FQ-PETR: Fully Quantized Position Embedding Transformation for Multi-View 3D Object Detection¶

Conference: AAAI 2026 arXiv: 2502.15488 Code: https://github.com/JiangYongYu1/FQ-PETR Area: Autonomous Driving Keywords: 3D Object Detection, Quantization, PETR, Position Encoding, Autonomous Driving

TL;DR¶

This work presents the first fully INT8-quantized deployment of PETR-series 3D detectors. It introduces three key components: a quantization-friendly LiDAR-ray position encoding (QFPE) to resolve multi-modal feature magnitude mismatch, a dual-lookup table (DULUT) for efficient approximation of nonlinear operators, and quantization after numerical stabilization (QANS) to prevent softmax attention distortion.

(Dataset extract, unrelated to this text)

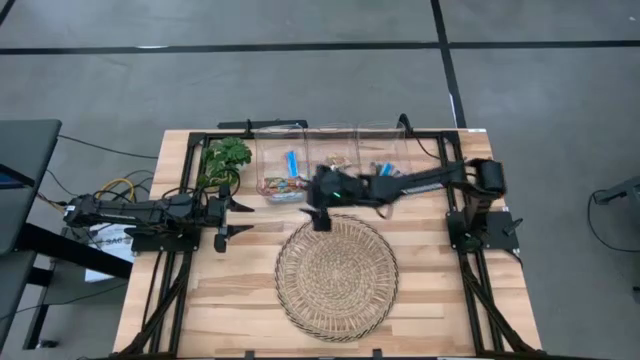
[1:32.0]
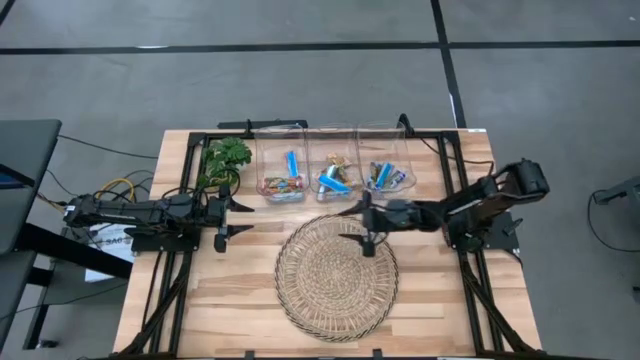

Across PETR/StreamPETR/PETRv2/MV2D, W8A8 quantization incurs less than 1% mAP loss while reducing latency by 75% (3.9× speedup).

Background & Motivation¶

Limitations of Prior Work¶

Limitations of Prior Work: Background: PETR-series models are among the most prominent transformer-based multi-view 3D detectors, but their deployment on edge devices for autonomous driving is severely constrained by computation and memory bottlenecks. Directly quantizing PETR leads to catastrophic accuracy degradation (up to 20.8% mAP drop) due to two unique challenges: (1) the dynamic range of camera-ray position encodings (±130) is nearly two orders of magnitude larger than that of image features (±4), causing image features to be compressed into only 3–5 valid integer bins after fusion quantization; (2) nonlinear operations such as inverse-sigmoid introduce outliers, and excessively large softmax input ranges cause attention distortion after quantization.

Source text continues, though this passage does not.